These are the nine Heegner numbers: 1, 2, 3, 7, 11, 19, 43, 67, 163

Here is a python session:

    
    
      >>> import gmpy2
      >>> gmpy2.get_context().precision=1000
      >>> pi = 2*gmpy2.acos(0.)
      >>> f = lambda i : gmpy2.exp(pi * gmpy2.sqrt(i))
      >>> f(163)
      mpfr('262537412640768743.99999999999925007259719818568...
    

> Or take the mathematical relationship fancifully known as “Monstrous
> Moonshine.”

I wouldn't qualify this as a near miss... This relationship has been shown to
hold exactly.

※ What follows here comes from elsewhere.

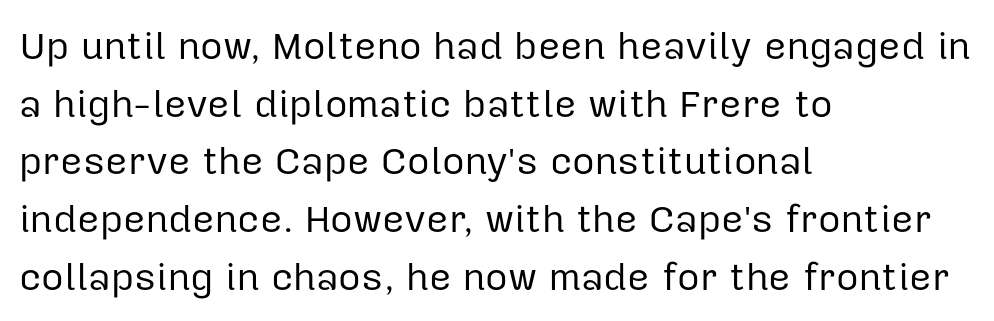
The image shows 39 px regular-weight sans-serif type, upright; set left-aligned, normal line spacing (1.48x), normal letter spacing, not underlined; low stroke contrast and a medium x-height.
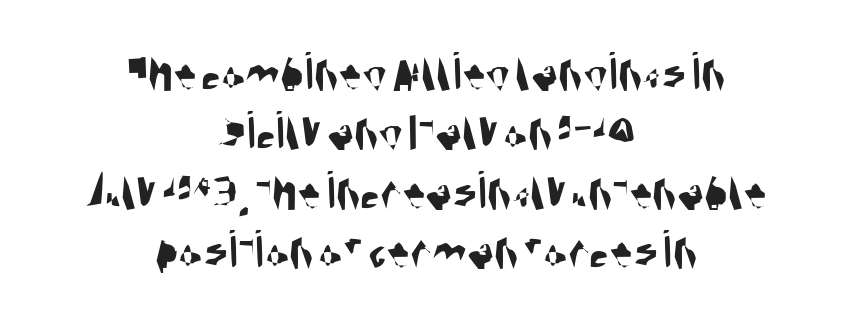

I guess in this equation "196,884 = 196,883 + 1", the +1 looks
like a glitch, but if you look at the larger pattern it is not a glitch.

------
Jeff_Brown
Have chemists used near-miss tesselations? There are very few perfect
tesselations of 3-space; more room to maneuver sounds nice.

------
botverse
First thing it came to my mind in the beginning of the article was music, glad
it did come out but would have liked more about it

------
flatfilefan
Learned some new powerful yet simple concept in a long time. Near miss is an
interesting way of looking at the world (of real numbers).

------
openfuture
John Baez is always thinking about something super interesting, I never see
his name and then something dull.